If you just want to use transformers from within R, run the following commands in R. This will create a local Python installation that will only be used by R and install the needed Python package for you.
install.packages("reticulate")
reticulate::install_miniconda(update = TRUE) # Install Python
reticulate::py_install('transformers') # Install the Python transformers package
remotes::install_github("balthasars/wrappingtransformers") # Install this package
After running these commands restart R.
Discover what version of Python will be used unless you set it manually as suggested below. transformers is tested with Python 3.6. In my experience >= 3.9 works best.

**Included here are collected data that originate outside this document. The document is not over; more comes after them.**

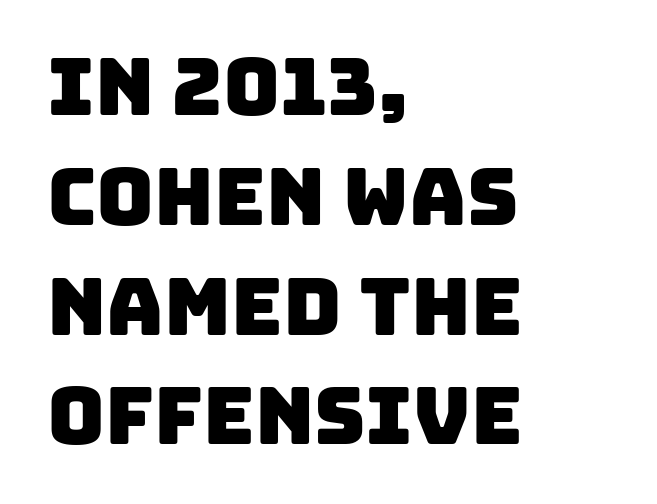
{"serif": "no", "width": "normal", "stroke_contrast": "low", "x_height": "large", "monospaced": "no", "underline": "no", "align": "left", "line_spacing": "normal", "line_spacing_ratio": 1.39, "letter_spacing": "normal", "letter_spacing_em": 0.0, "glyph_px": 79}
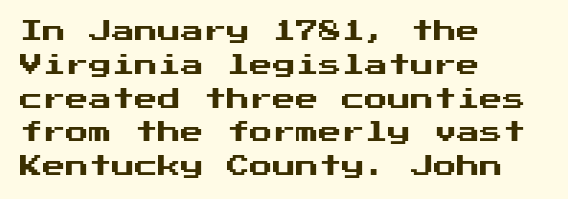
{"italic": "no", "underline": "no", "align": "left", "line_spacing": "normal", "line_spacing_ratio": 1.47, "letter_spacing": "normal", "letter_spacing_em": 0.0, "glyph_px": 23}
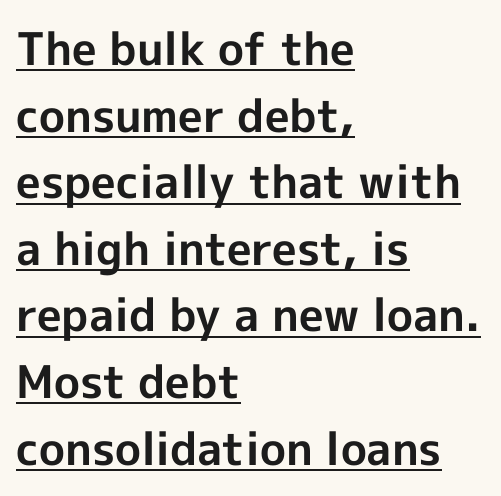
Note the varied advance widths — an 'i' is clearly narrower than an 'm'. Every word sits above its own underline. Ordinary non-slanted type is in use. Typeset ragged right — the left edge is the straight one. Spacing between characters is what you'd get straight out of the box.
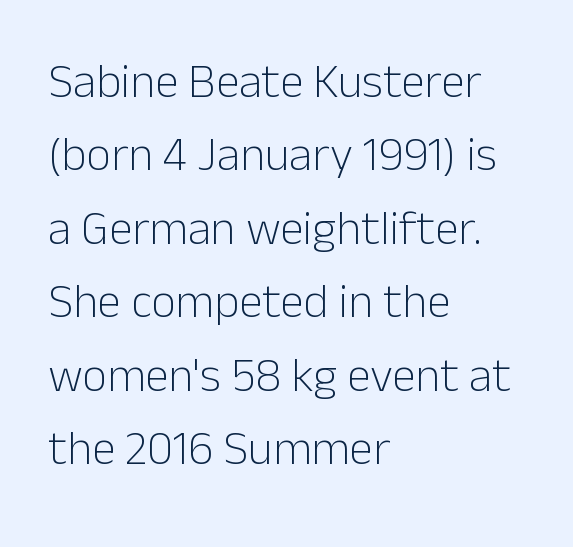
{"serif": "no", "italic": "no", "bold": "no", "weight": "light", "width": "normal", "stroke_contrast": "low", "x_height": "medium", "monospaced": "no", "underline": "no", "align": "left", "line_spacing": "normal", "line_spacing_ratio": 1.53, "letter_spacing": "normal", "letter_spacing_em": 0.0, "glyph_px": 48}
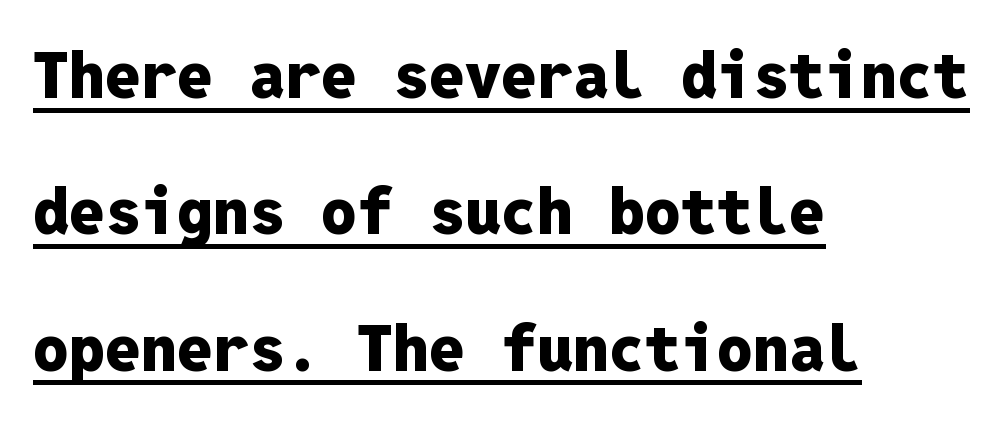
The image shows 64 px heavy sans-serif type, upright, monospaced; set left-aligned, loose line spacing (2.13x), normal letter spacing, underlined; low stroke contrast and a medium x-height.
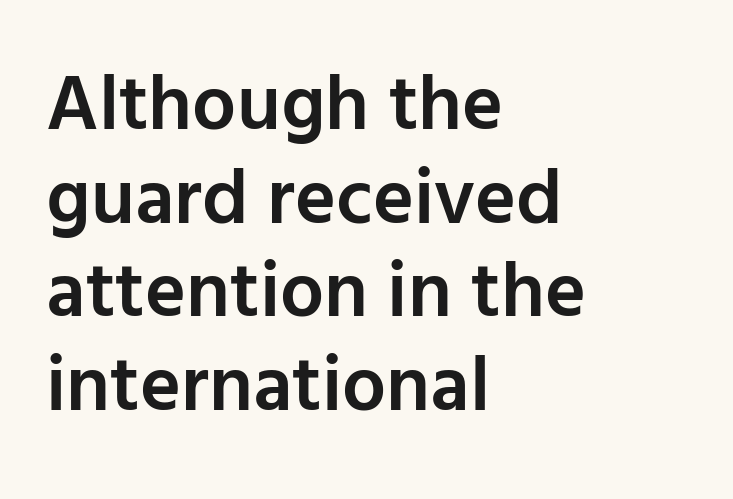
Q: Is the text bold? A: Semi-bold.
Q: Is the text italic (slanted)? A: No, it is upright.
Q: Is the typeface a serif or a sans-serif typeface? A: Sans-serif.
Q: Is the text underlined? A: No.
Q: How is the paragraph aligned? A: Left-aligned.
Q: Is the spacing between letters normal or unusually wide? A: Normal.
Q: Width (condensed, normal, or wide)? A: Normal.
Q: Stroke contrast? A: Low.
Q: x-height? A: Medium.
Q: Monospaced? A: No.

reticulate::py_discover_config()
If you’re happy with what this indicates, you may skip over the following steps.
If not, set the environmental varible RETICULATE_PYTHON
to the desired
Python version path interactively with usethis::edit_r_environ()
or
using Sys.setenv()
:
Sys.setenv(RETICULATE_PYTHON = "/usr/local/bin/python3.9")
Alternatively you can select the Python environment using the reticulate package:
reticulate::use_python(python = "/usr/local/bin/python3.9")
Use create_wrappingtransformers_venv()
to create a new environment
solely for the purpose of using this package.
This will install all required Python libraries using the version of
python indicated in the environment variable RETICULATE_PYTHON
if you
don’t indicate it in argument python_path
.
create_wrappingtransformers_venv(python_path = NULL)
If you already have a Python environment with transformers installed,
name it in the virtualenv
argument. This will set it up for the rest
of this R session.
reticulate::use_virtualenv(virtualenv = "myenv")
or use Conda:
reticulate::use_condaenv(condaenv = "myenv")
Here’s a full example on how to use the NER tagger:
reticulate::use_python(python = "/usr/local/bin/python3.9", required = TRUE)
reticulate::use_virtualenv("wrappingtransformers", required = TRUE)
wt_load_model(model_name = "ner-german-large")
sentence_example <- "Santesuisse und Curaviva fordern eine Umverteilung"
wt_predict_labels_ner_german_large(sentence = sentence_example)
Here’s a full example on how to perform sequence classification:
reticulate::use_python(python = "/usr/local/bin/python3.9", required = TRUE)
reticulate::use_virtualenv(virtualenv = "wrappingtransformers", required = TRUE)
load_bert_base_german_cased_hatespeech()
sentence_example <- "Der Wichser muss raus."
wt_predict_bert_base_german_cased_hatespeech(sentence = sentence_example)